Пан Копферкингель сидел за столом, на котором стояла бутылка вина и недопитая рюмка, и смотрел на Вилли, стоявшего рядом с рождественской елочкой и еле заметно улыбавшегося. Друзья помолчали. Тут раздался стук в дверь, и вошла Лакме с вазочкой миндаля.
— Вилли сегодня не хочет миндаля, — сказал Копферкингель, — благодарю тебя, моя драгоценная. Мы скоро закончим.
Когда Лакме вышла, Вилли подсел к столу и с удовольствием допил свою рюмку. Копферкингель налил ему еще.
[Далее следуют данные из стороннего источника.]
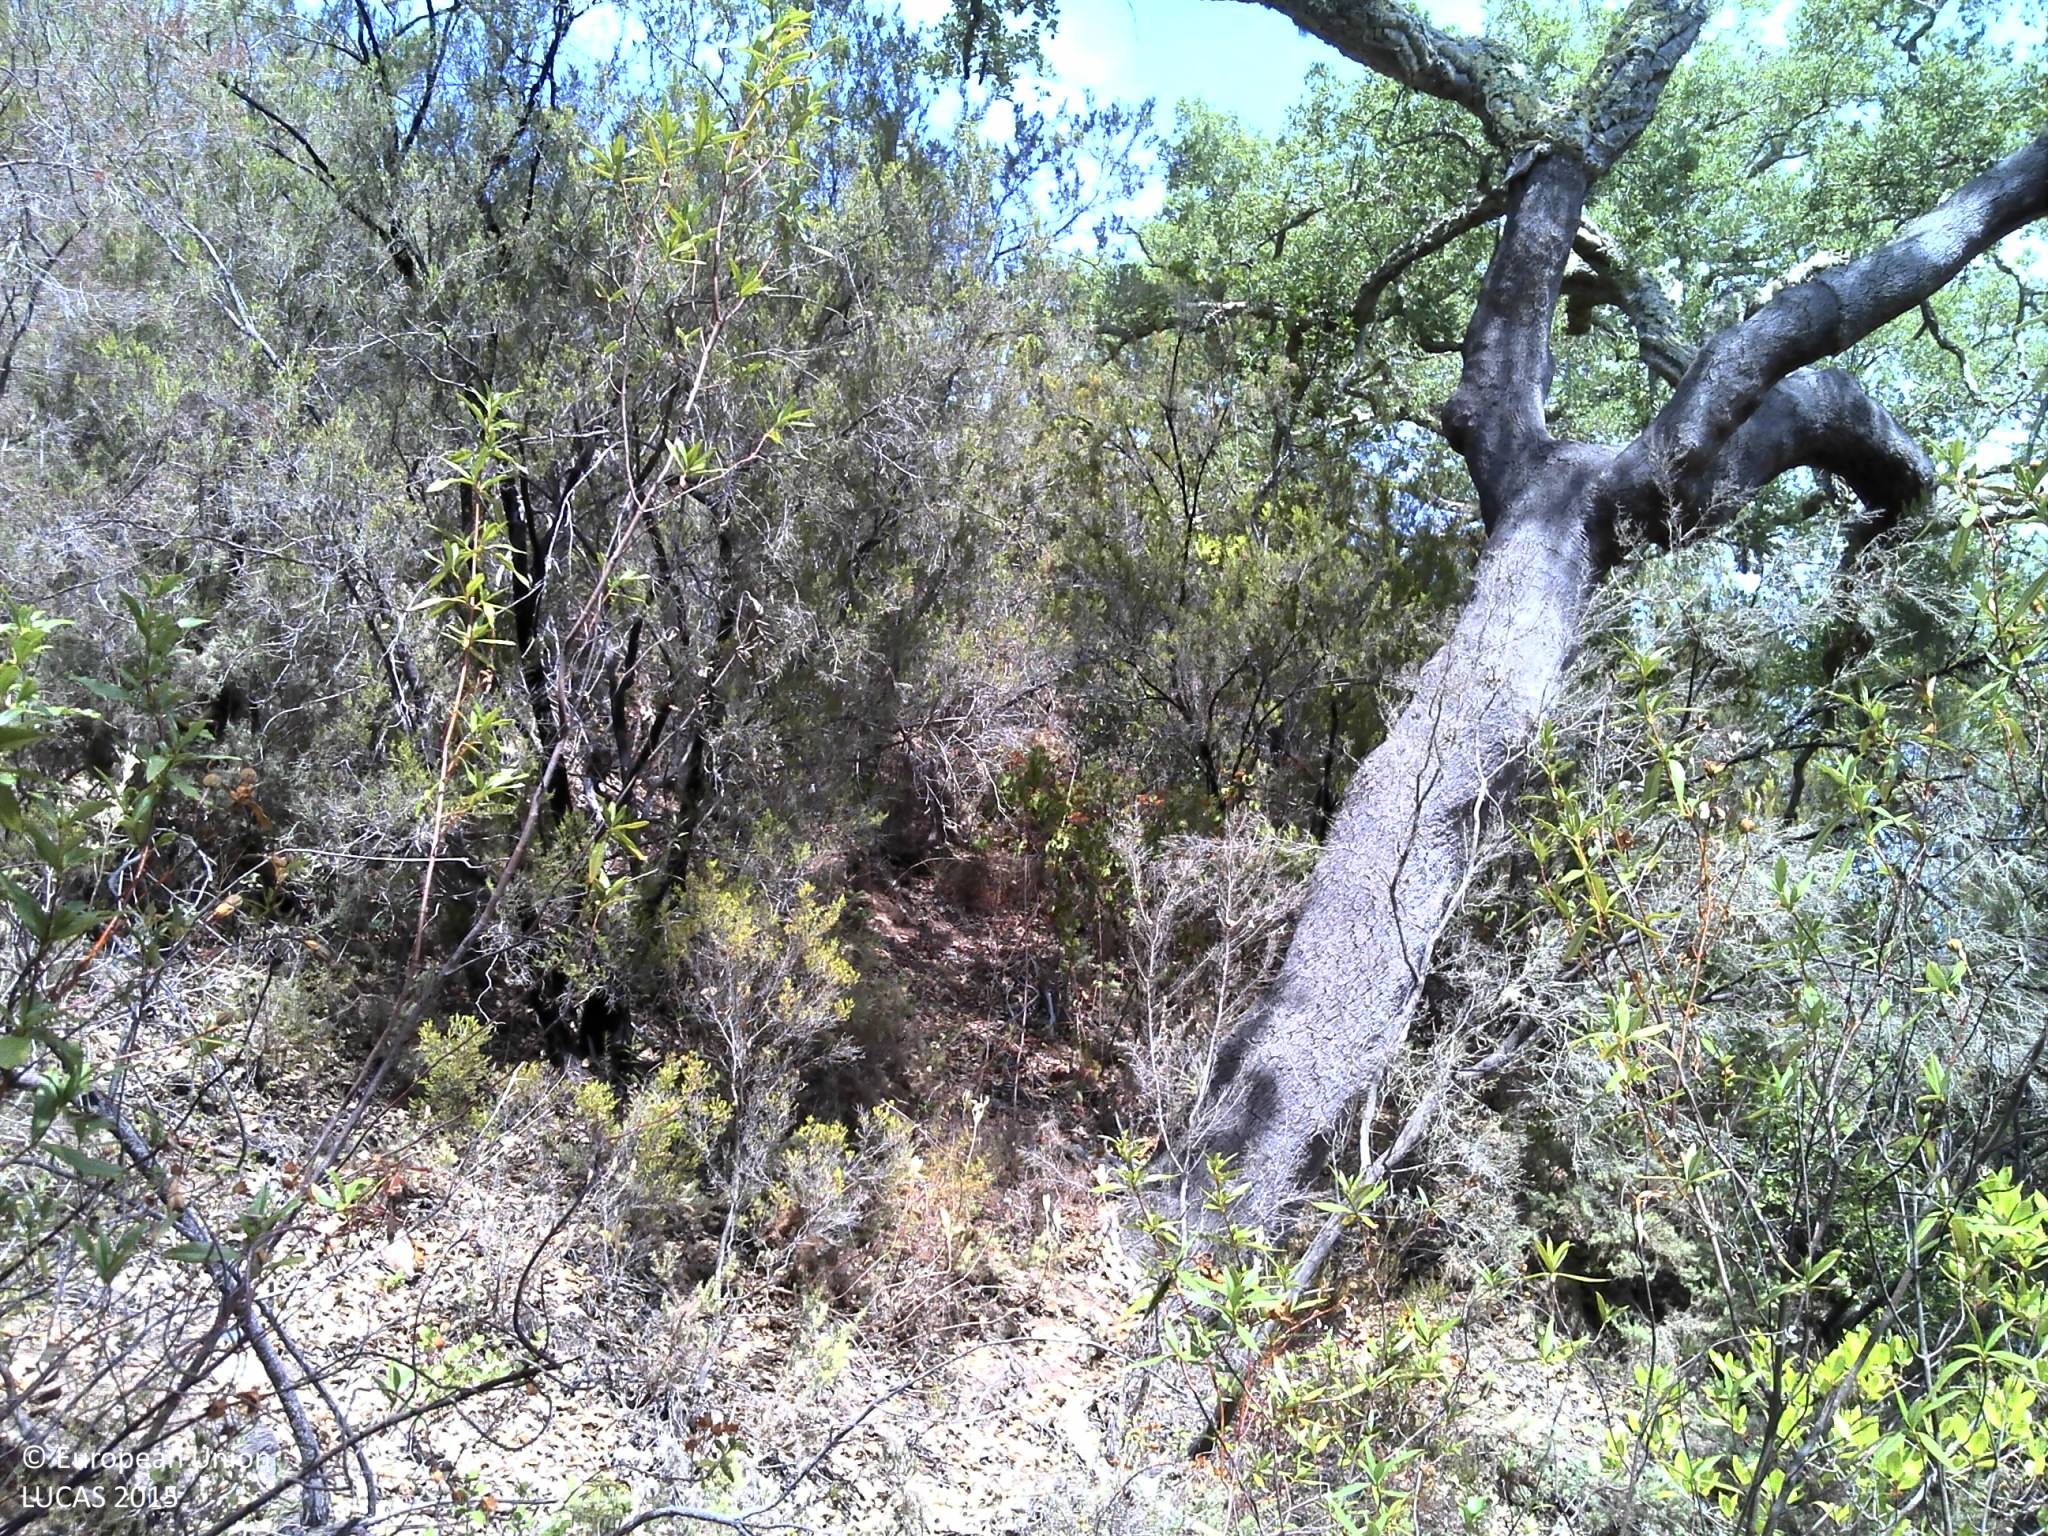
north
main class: Woodland
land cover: Broadleaved woodland
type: broadleaved evergreen forest
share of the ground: 25 - 50 %
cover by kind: shrubs 50 %, broadleaved forest trees 30 %, unconsolidated bare surface 20 %
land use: Forestry
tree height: > 5 m
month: September
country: PT
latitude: 37.3930
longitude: -8.2434
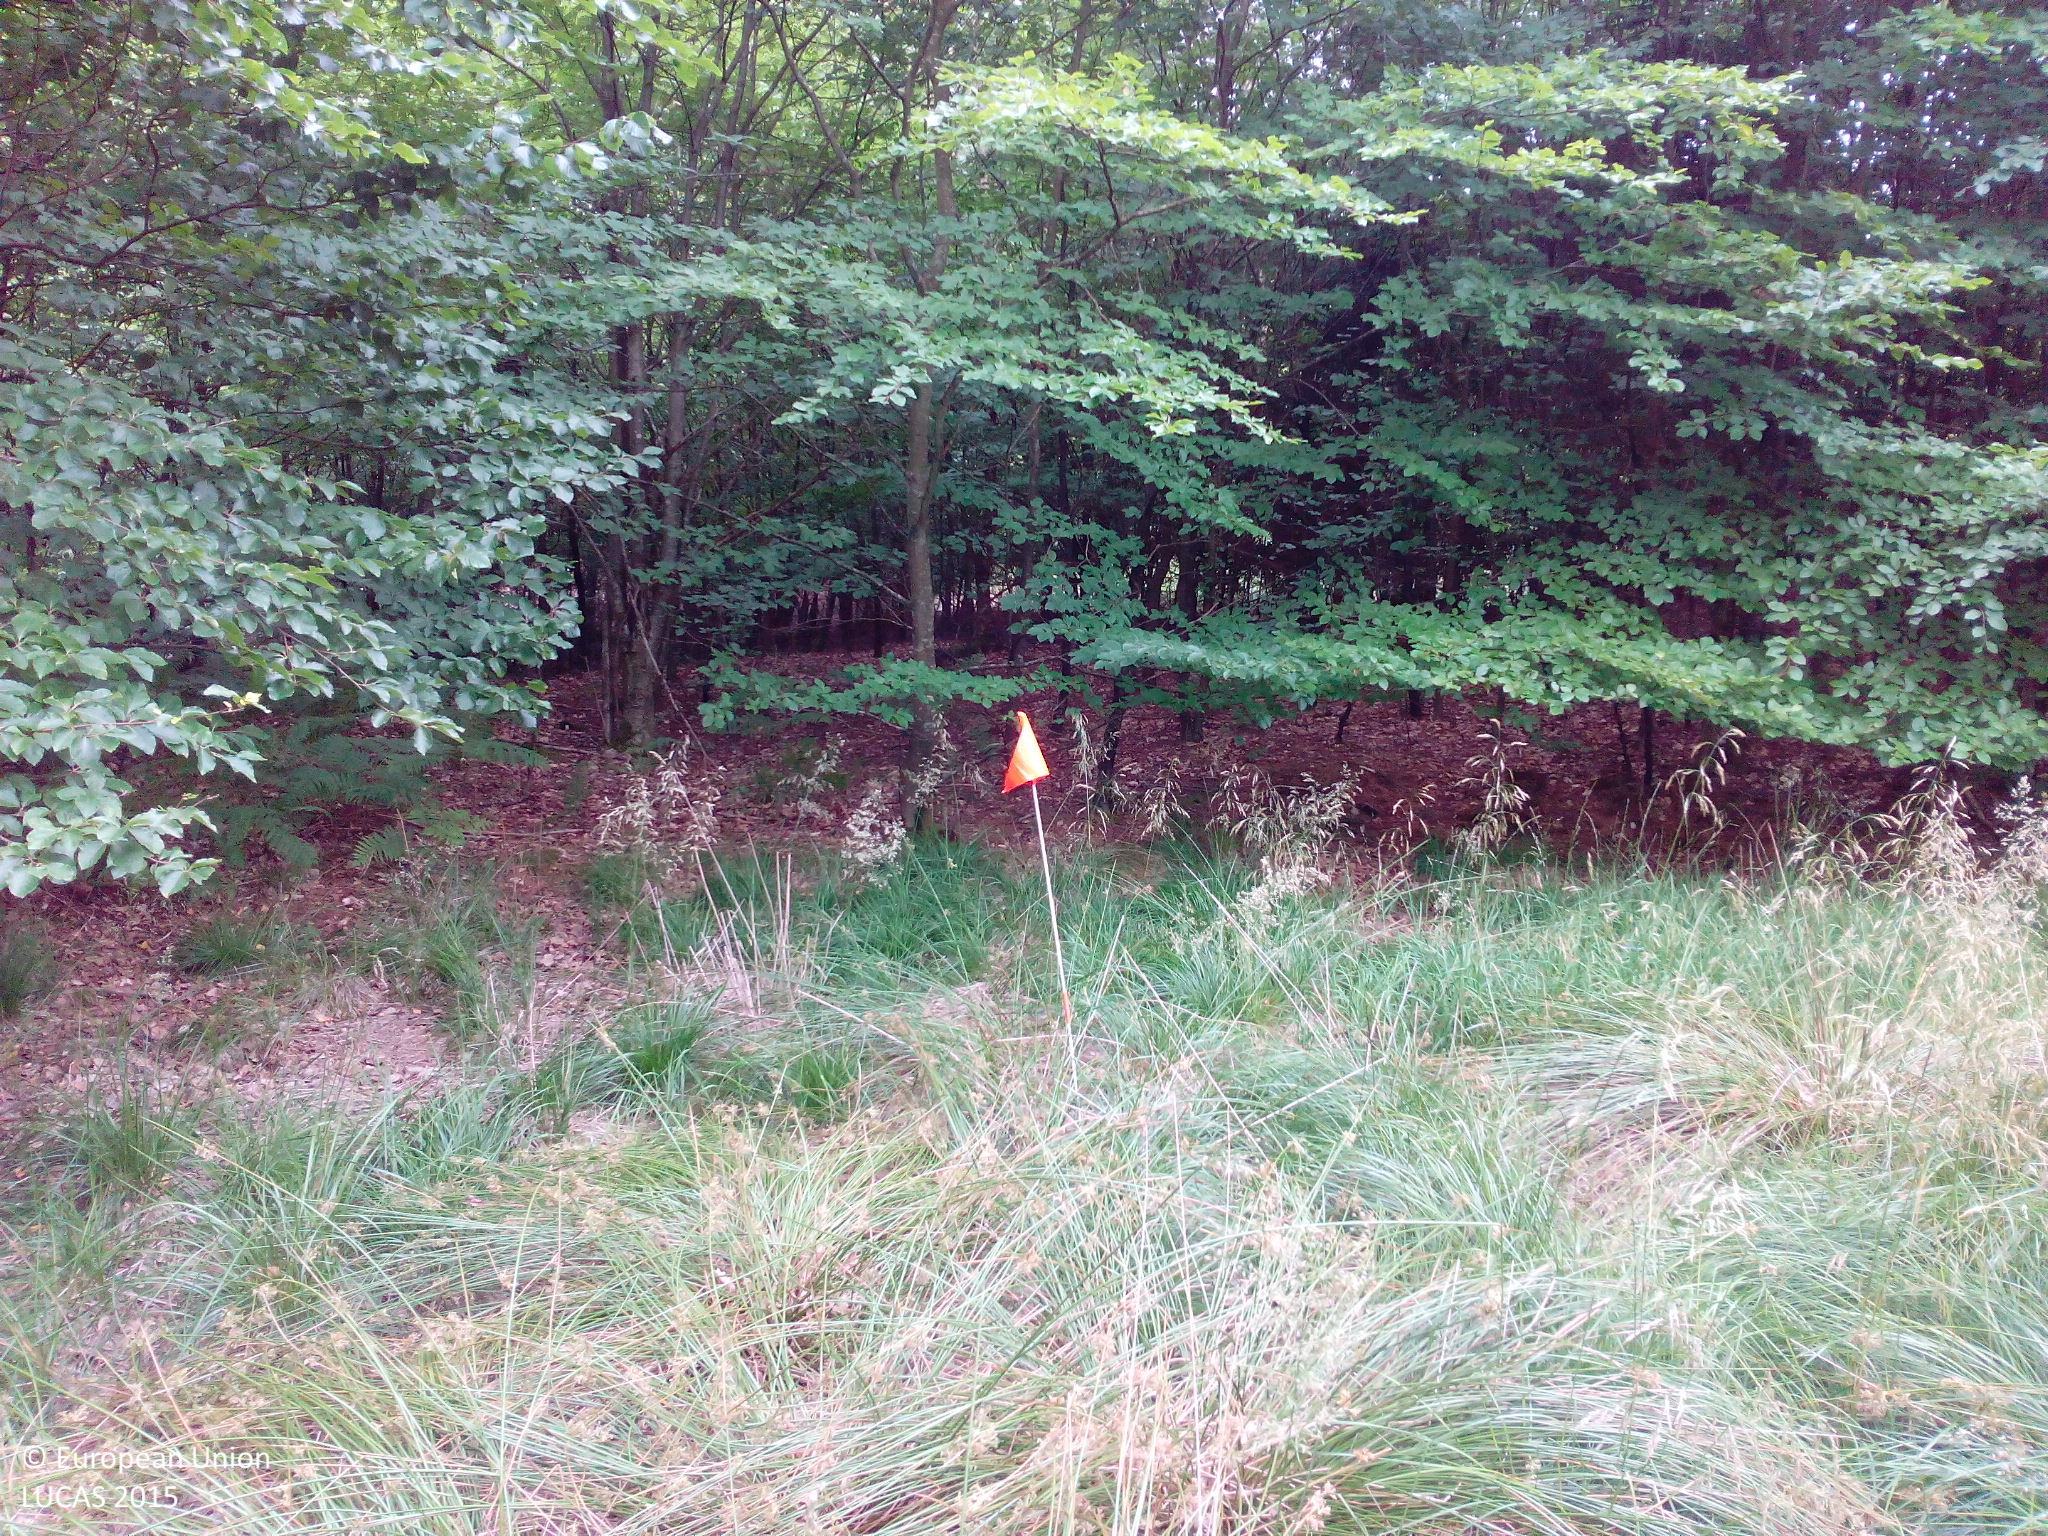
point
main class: Woodland
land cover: Broadleaved woodland
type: beech forest
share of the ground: > 75 %
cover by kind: broadleaved forest trees 80 %, herbaceous plants 20 %
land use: Forestry
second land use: Amenities, museums, leisure
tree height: > 5 m
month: July
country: DK
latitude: 56.0043
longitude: 12.3552
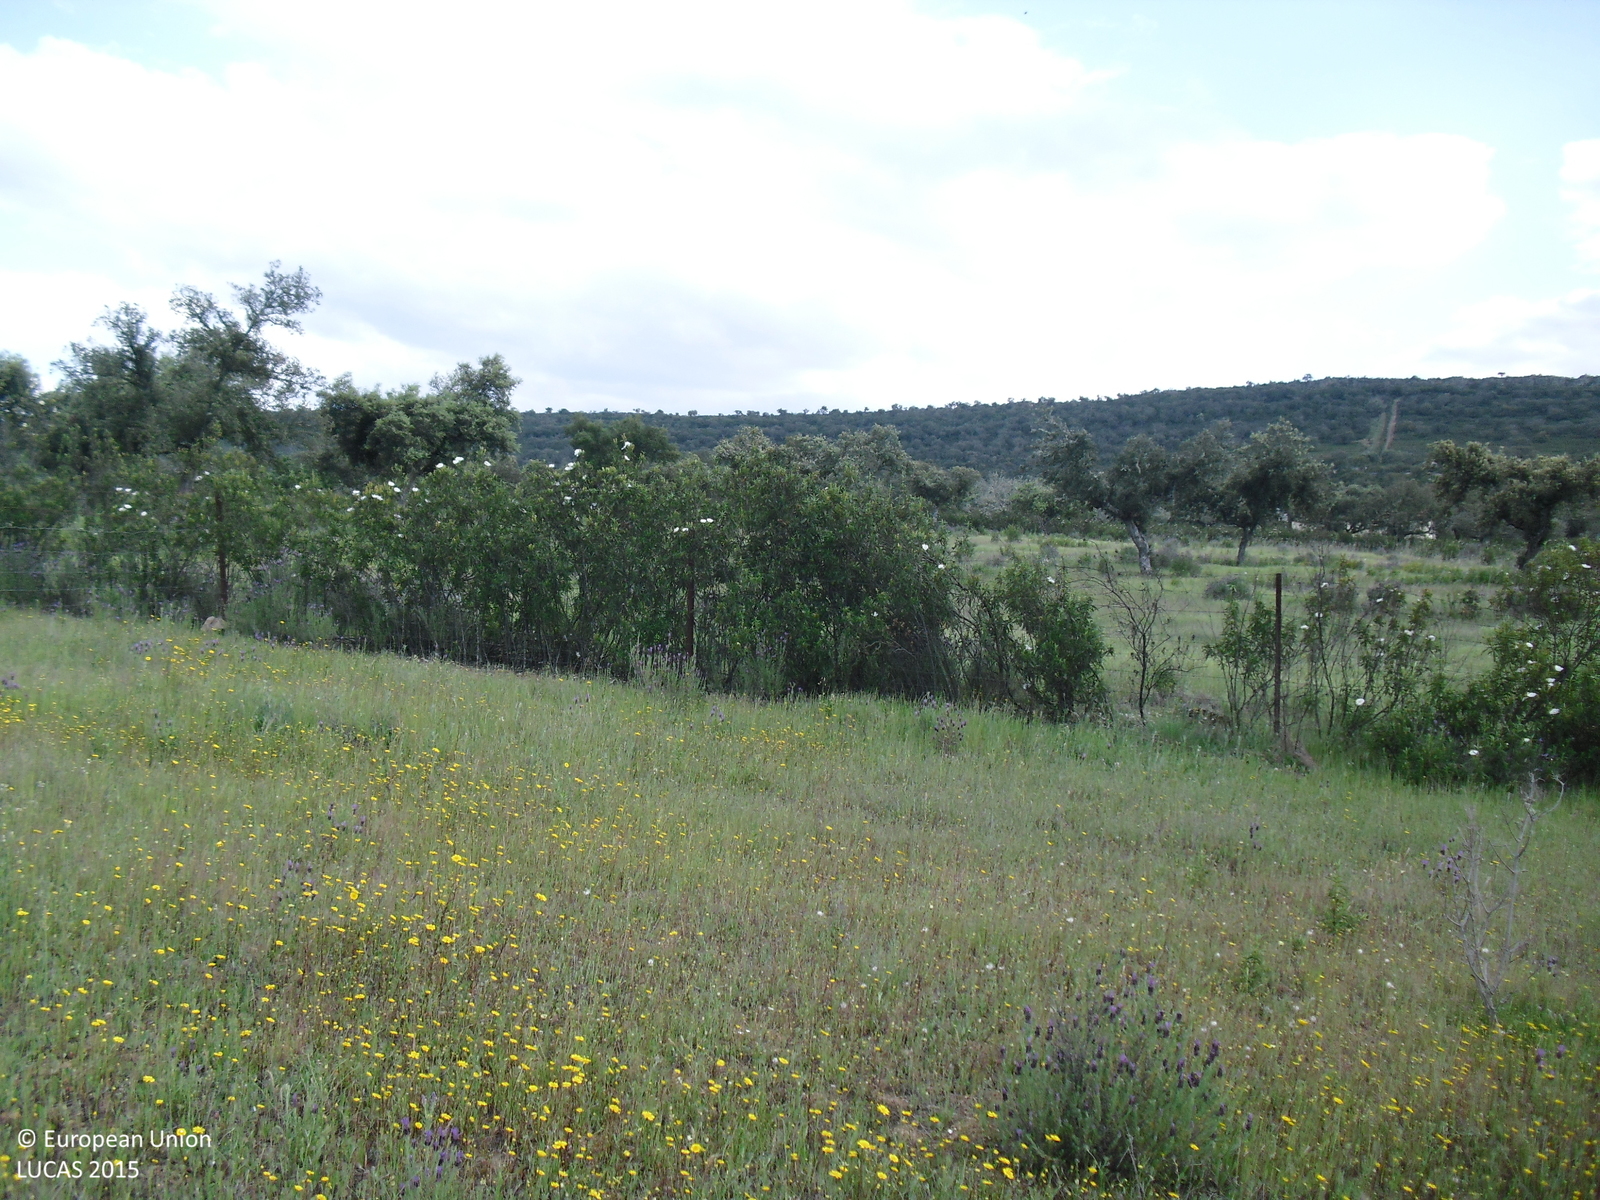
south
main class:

— Мне, пожалуй, пора, — вежливо отказался Вилли, — меня ждет Эрна. Мы встречаем Рождество в казино. В немецком казино на Розовой улице. Ты его наверняка знаешь — там еще три ступеньки перед входом и облицовка из белого мрамора. Ожидается довольно много народу. Фабриканты, депутаты парламента, университетские профессора — только избранные, разумеется… Я обязательно буду беседовать с герром Берманом, возглавляющим пражскую СНП. Поверь мне, Карл, что в целой Праге ты не отыщешь более роскошного заведения, чем наше казино. Это просто сказка! Какие там ковры, зеркала, картины, не говоря уж об умывальных и ванных комнатах. А какая еда, какая прислуга! У нас прекрасные официантки, буфетчицы и… девушки. Изумительные, умопомрачительные, такие, что дух захватывает. — Он улыбнулся. — Немки, конечно. Ведь казино могут посещать только немцы. Наши с тобой братья, Карл. Чехам туда вход заказан. Мы не потерпим в своем доме этих предателей и соглядатаев. Ну вот, а в январе я поеду в Вену и в Берлин. — Вилли встал. — Там меня уже ждет новая машина. Итак, Карл, — он протянул другу руку, — главное — это видеть цель. И думать о будущем. О лучшем будущем для наших детей. О радостной жизни для всего человечества. Мне кажется, тебя больше занимает Тибет, чем то, что творится под самым носом. — Он засмеялся. — Веселого тебе Рождества и всего наилучшего в наступающем году. Смотри-ка, у вас шторы не в порядке, — и он показал на карниз, откуда свисал вырвавшийся из зажима угол шторы. — Ну, пока. Впрочем, мне еще надо попрощаться с твоим семейством, — добавил он.